[Start of Attachment]
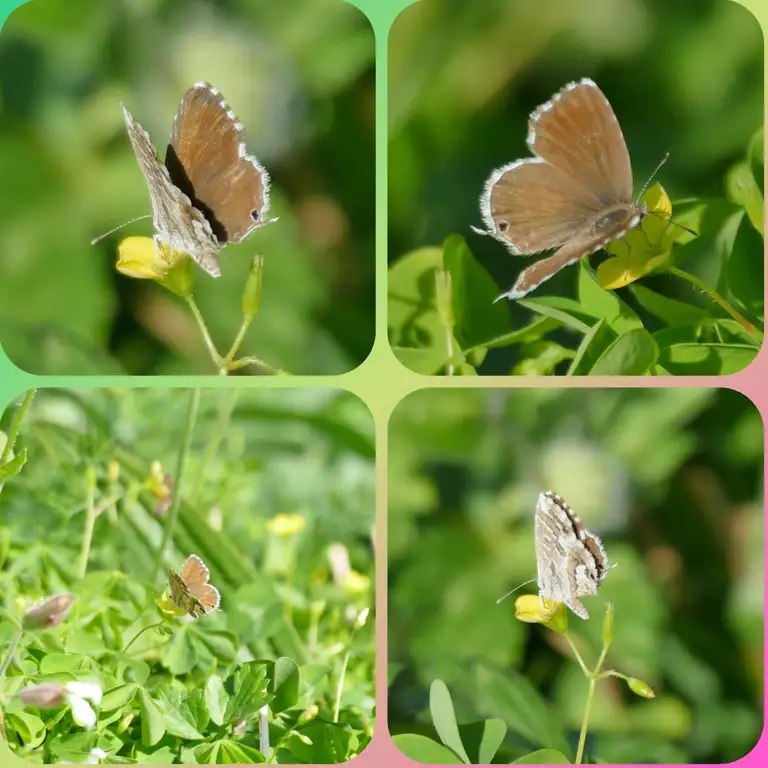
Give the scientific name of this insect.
Cacyreus marshalli
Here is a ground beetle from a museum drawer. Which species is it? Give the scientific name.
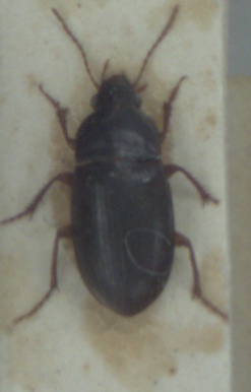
Amara bifrons
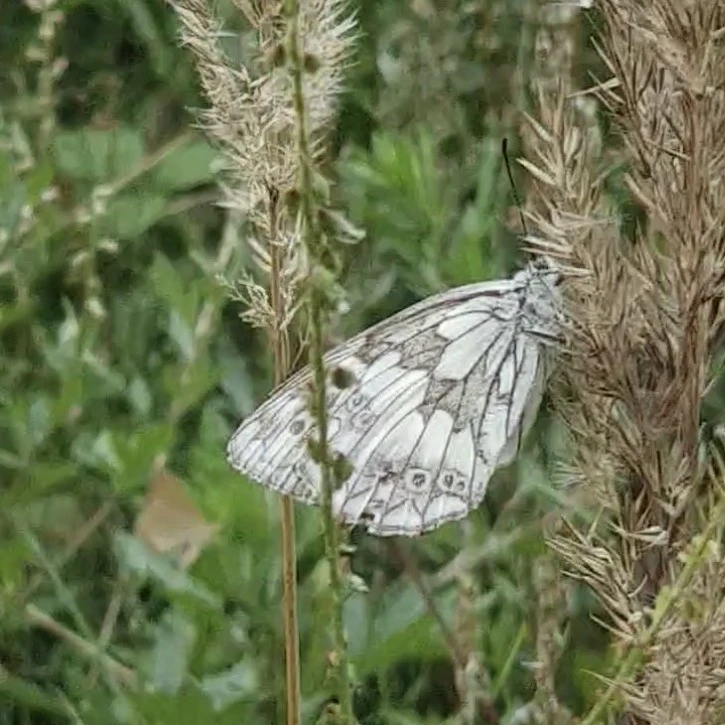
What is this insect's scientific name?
Melanargia galathea
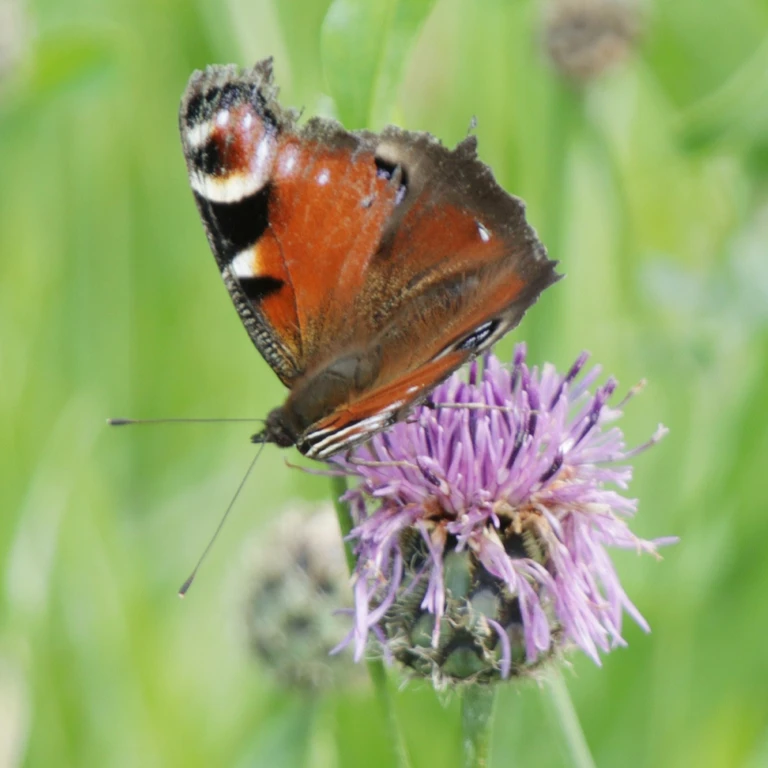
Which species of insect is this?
Aglais io
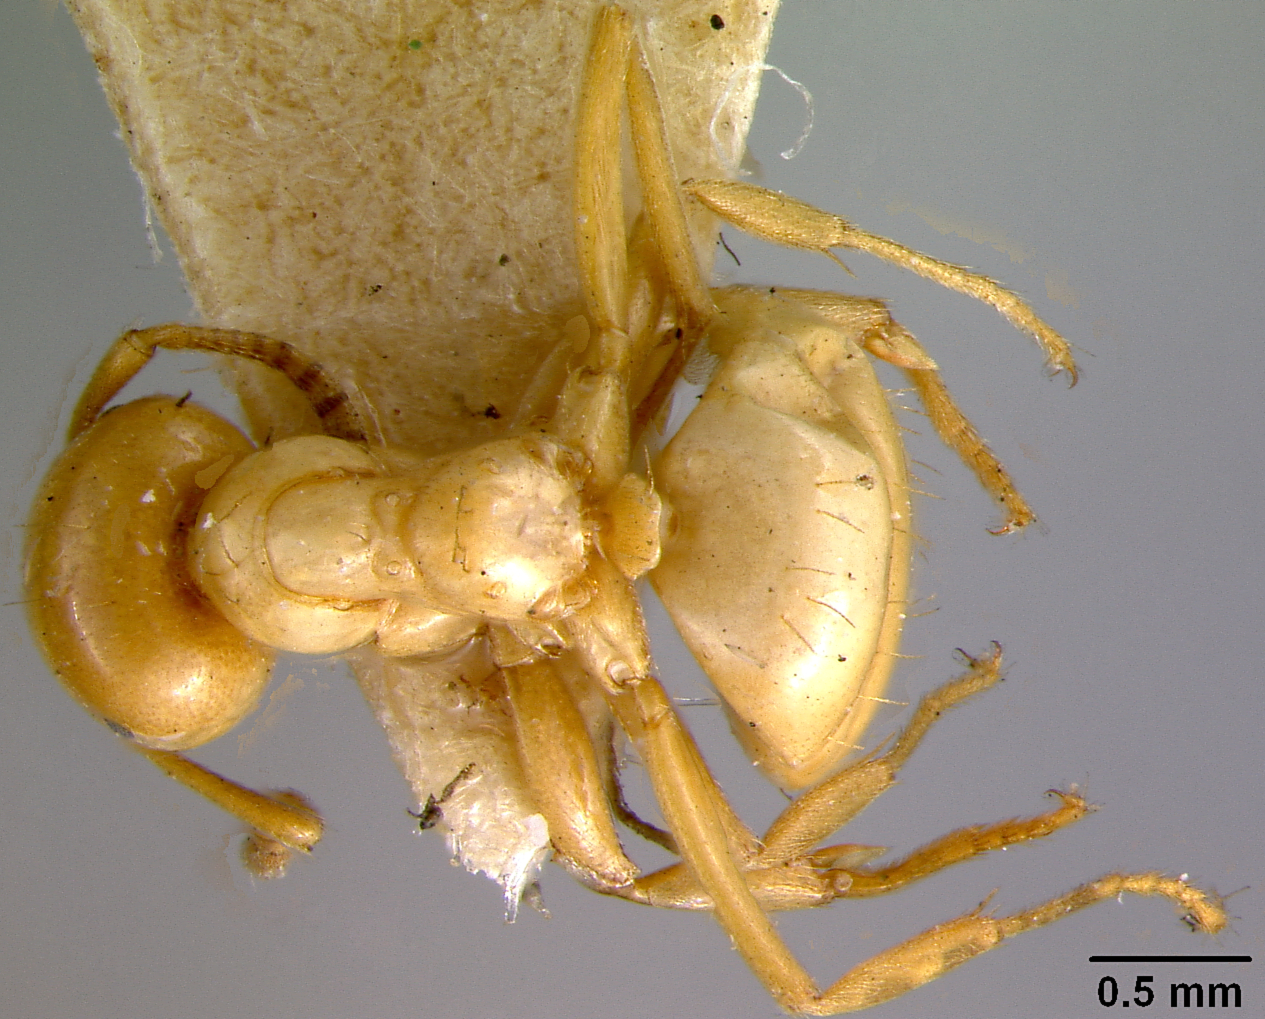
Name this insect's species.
Lasius interjectus
[End of Attachment]
EXERCISE DIRECTIONS.
What the records say must be written out exactly, with none of their pictures.

SOLVED EXERCISE.
Give the scientific name of this insect.
Cacyreus marshalli
Here is a ground beetle from a museum drawer. Which species is it? Give the scientific name.
Amara bifrons
What is this insect's scientific name?
Melanargia galathea
Which species of insect is this?
Aglais io
Name this insect's species.
Lasius interjectus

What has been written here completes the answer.